Evet, tiyatro önemli

Yıllar oluyor  New York Times’da bir yazı okumuştum. Yazının başlığı: “Böyle zamanlarda... Evet, tiyatro önemli.”  Evet, tiyatro önemli... Sanki bazı bölümleri güncelliğinden bir şey kaybetmemiş. Şiddetin, ekonomik çöküntülerin, işsizlik ve eğitim sorunlarının yaşandığı ortamlarda, böylesi kriz dönemlerinde tiyatronun soluğunun kesilmemesi, nabız atışlarının yavaşlatılmaması gerektiği üstünde duruyor yazı. Koşullar her ne olursa olsun... Yüzümü bize dönüyorum; bir yanda siyasi rant uğruna her geçen gün kutuplaştırılan, öte yanda koronavirüs tarafından adeta kuşatılmış olan insanlar olarak tedirgin, mutsuz ve huzursuzuz. Böyle zamanlarda tiyatronun birleştirici gücünün daha da öne çıkması gerekir. Bunun bir şekilde gerçekleştirilebilmesi için de yönetici kadroların tiyatroya ve tiyatrocuya saygısı ve sevgisi olması ise kaçınılmaz.   

Sanatçıya saygı

Yaşananları, türlü altüst oluşları genelde suskun izleyen bir toplumuz. Suskunluğunu bozanlar da adalet mekanizmasının ters yönde dönen çarkları arasına sıkışıveriyorlar. İnsan hakları ve demokrasi yolunda tarafsız bir yargının kaçınılmazlığı çeşitli örneklerle gösteriyor kendini. Örneğin; Tele1 ve Halk TV ekranlarını 5 gün boyunca karartma cezası gibi! Bağdaşlık ölçütlerine sığmayan örneklerden biri de geçen günlerde tiyatromuzun kıymetli sanatçıları Metin Akpınar ve Müjdat Gezen hakkında cumhurbaşkanına alenen hakaret suçuyla açılan dava!  

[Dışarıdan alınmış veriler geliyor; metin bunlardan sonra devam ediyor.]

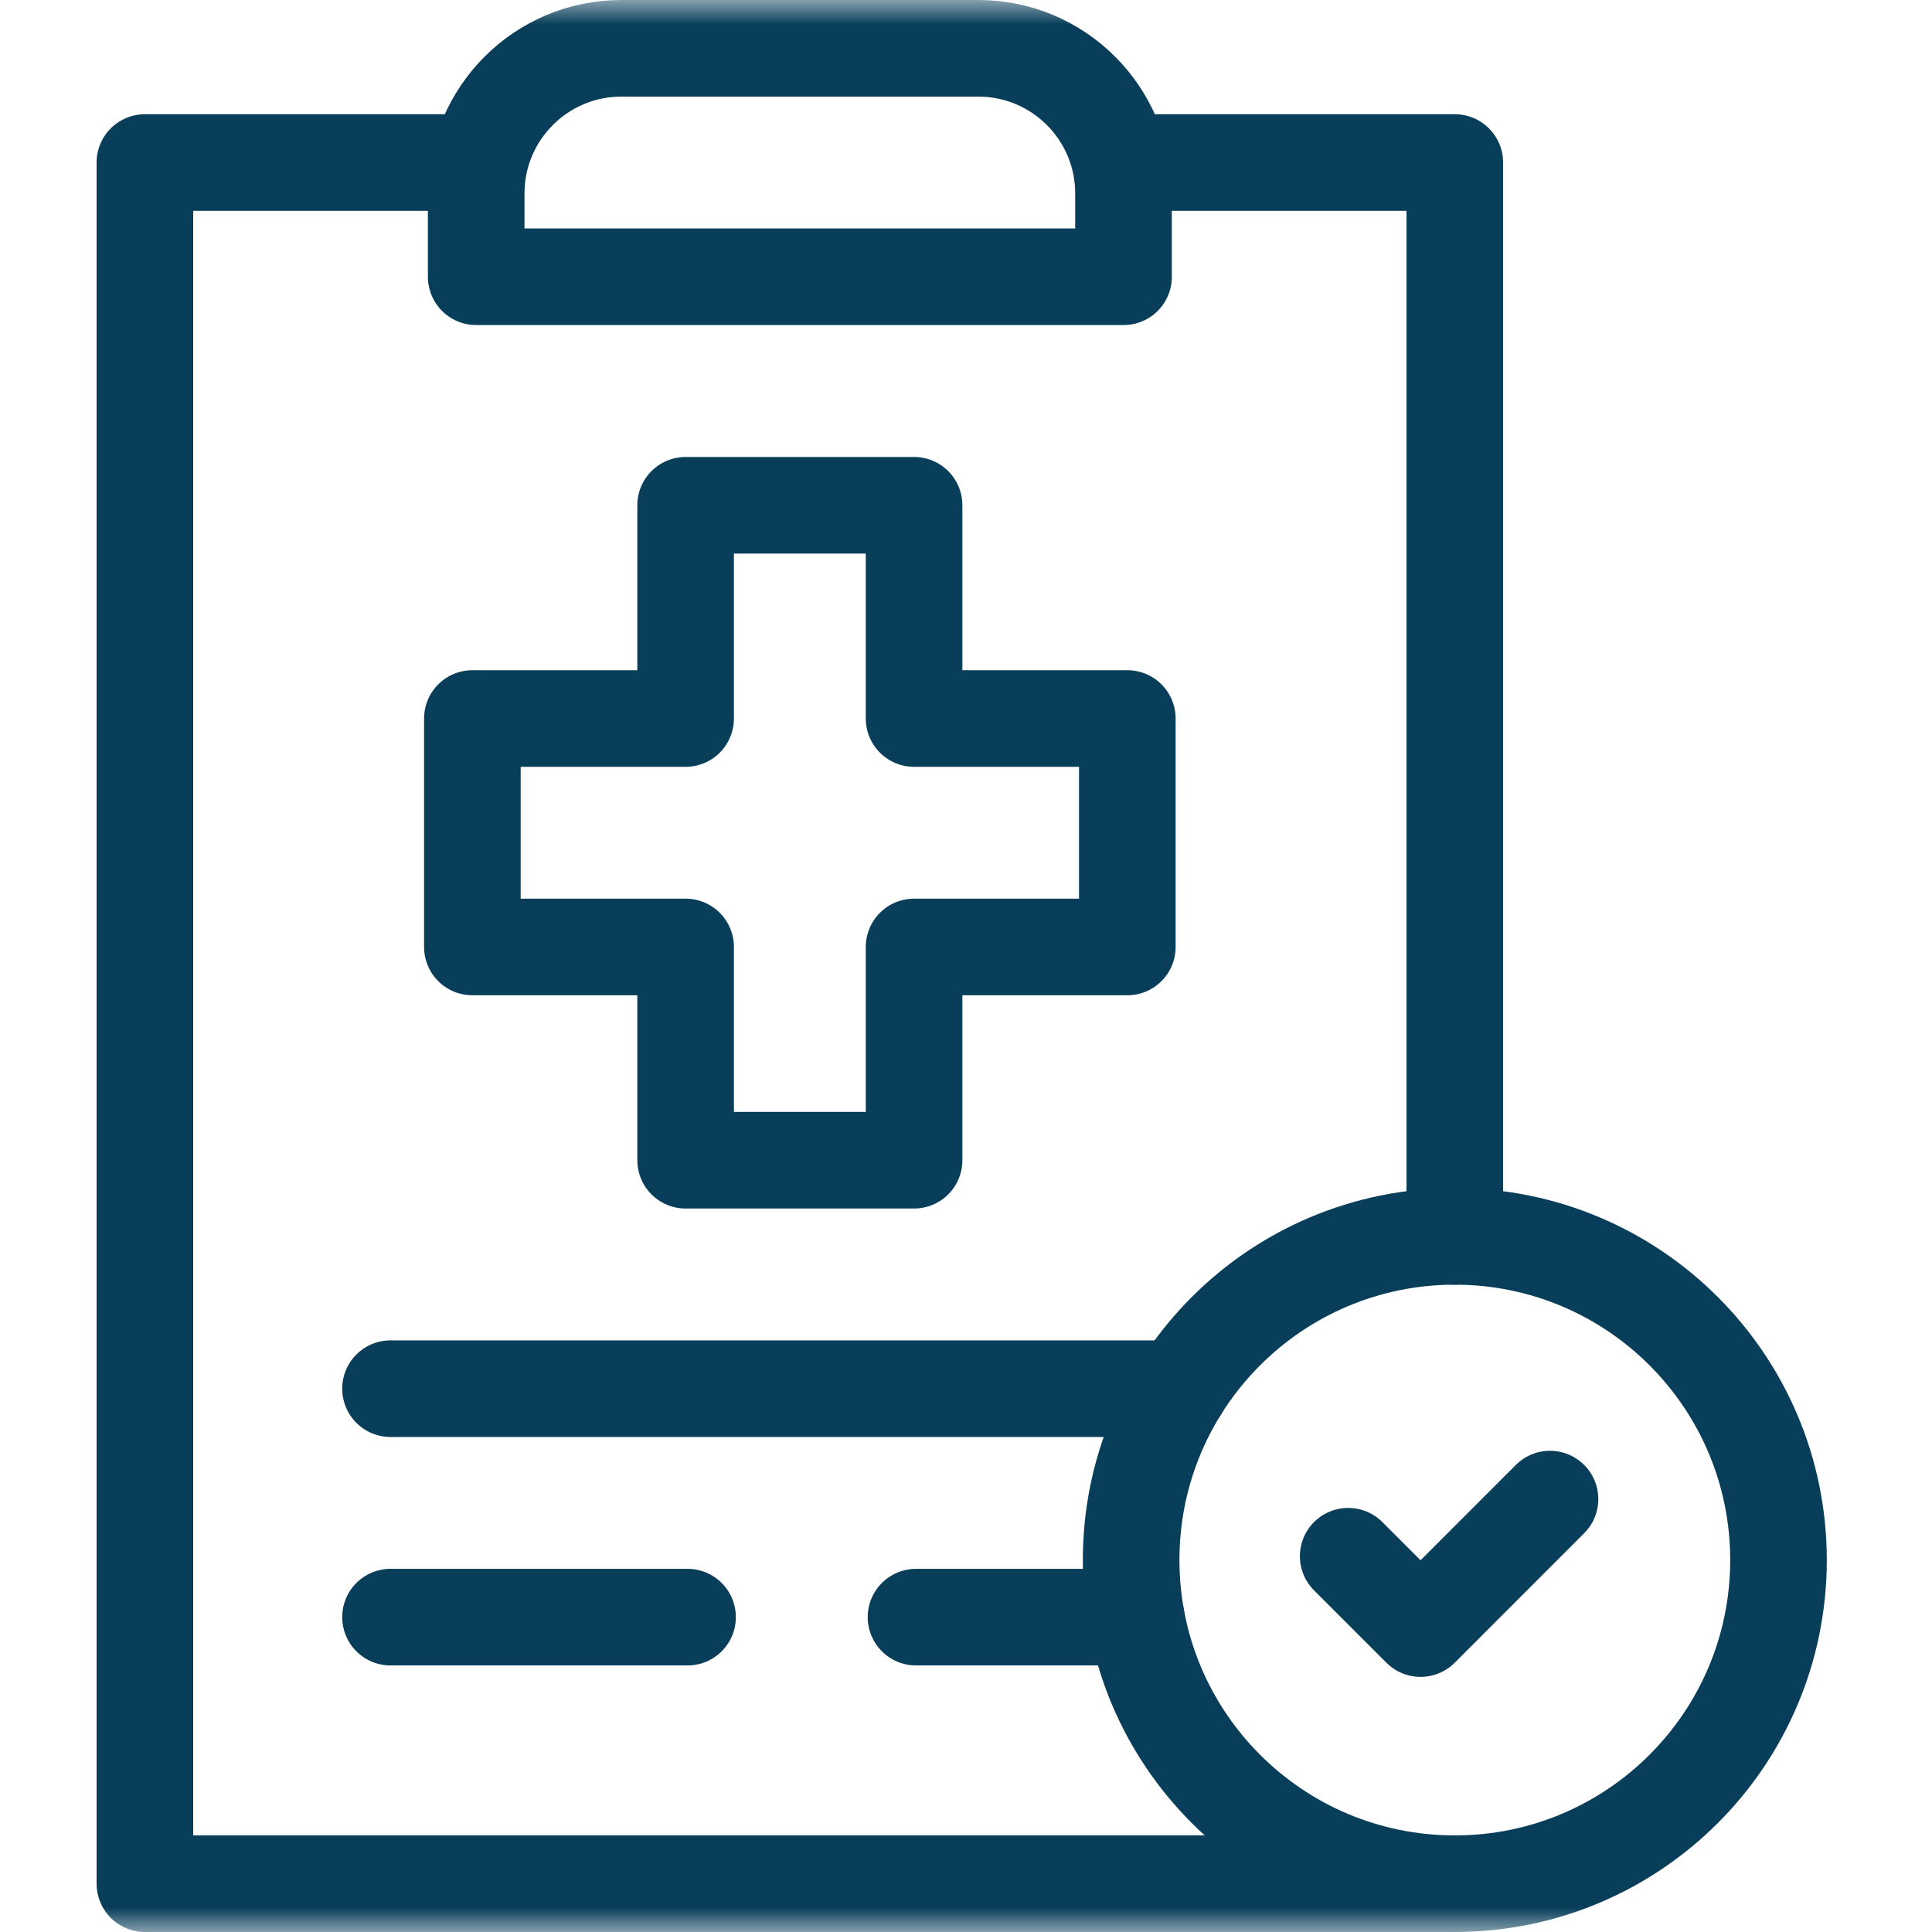 <svg width="40" height="40" viewBox="0 0 40 40" fill="none" xmlns="http://www.w3.org/2000/svg">
<mask id="mask0_37_1323" style="mask-type:alpha" maskUnits="userSpaceOnUse" x="0" y="0" width="40" height="40">
<rect width="40" height="40" fill="#D9D9D9"/>
</mask>
<g mask="url(#mask0_37_1323)">
<path d="M23.262 5.73H9.859V4.007C9.859 2.346 11.205 1 12.866 1H20.254C21.915 1 23.261 2.346 23.261 4.007V5.73H23.262Z" stroke="#083E59" stroke-width="2" stroke-miterlimit="10" stroke-linecap="round" stroke-linejoin="round"/>
<path d="M9.562 3.365H3V39H30.12" stroke="#083E59" stroke-width="2" stroke-miterlimit="10" stroke-linecap="round" stroke-linejoin="round"/>
<path d="M23.558 3.365H30.12V25.598" stroke="#083E59" stroke-width="2" stroke-miterlimit="10" stroke-linecap="round" stroke-linejoin="round"/>
<path d="M30.12 39C33.821 39 36.822 36 36.822 32.299C36.822 28.598 33.821 25.598 30.12 25.598C26.419 25.598 23.419 28.598 23.419 32.299C23.419 36 26.419 39 30.12 39Z" stroke="#083E59" stroke-width="2" stroke-miterlimit="10" stroke-linecap="round" stroke-linejoin="round"/>
<path d="M27.913 32.22L29.411 33.718L32.091 31.037" stroke="#083E59" stroke-width="2" stroke-miterlimit="10" stroke-linecap="round" stroke-linejoin="round"/>
<path d="M23.34 14.876H18.925V10.461H14.195V14.876H9.78V19.606H14.195V24.021H18.925V19.606H23.34V14.876Z" stroke="#083E59" stroke-width="2" stroke-miterlimit="10" stroke-linecap="round" stroke-linejoin="round"/>
<path d="M24.435 28.751H8.085" stroke="#083E59" stroke-width="2" stroke-miterlimit="10" stroke-linecap="round" stroke-linejoin="round"/>
<path d="M14.235 33.481H8.085" stroke="#083E59" stroke-width="2" stroke-miterlimit="10" stroke-linecap="round" stroke-linejoin="round"/>
<path d="M23.523 33.481H18.965" stroke="#083E59" stroke-width="2" stroke-miterlimit="10" stroke-linecap="round" stroke-linejoin="round"/>
</g>
</svg>

Hatırlanacağı gibi, Aralık 2018’de Akpınar ve Gezen, Halk TV’de Uğur Dündar’ın sunduğu “Halk Arenası” programında demokratik haklarını kullanarak, ülkenin içinden geçmekte olduğu süreci, yanlış buldukları yönleri eleştirdiler. Cumhurbaşkanı ise bu iki saygın isme öfkesini “sanatçı müsveddeleri” tanımlamasıyla dile getirdi! O gün Metin Akpınar ve Müjdat Gezen’e yapılanlar yakışıksız, çirkin ve yanlıştı. Bugün de haklarında 4 yıla kadar hapis istemek bir o kadar sorgulanası bir yaklaşım. Baskı ve sansür kol geziyor ülkede. Bu iki sanatçımıza gelince, onlar tiyatro dünyamızın ve seyircinin gözbebekleri. Öğrencilerini besleyen değerli hocalar. Eleştirinin inceliklerini çok iyi bilen ustalar...  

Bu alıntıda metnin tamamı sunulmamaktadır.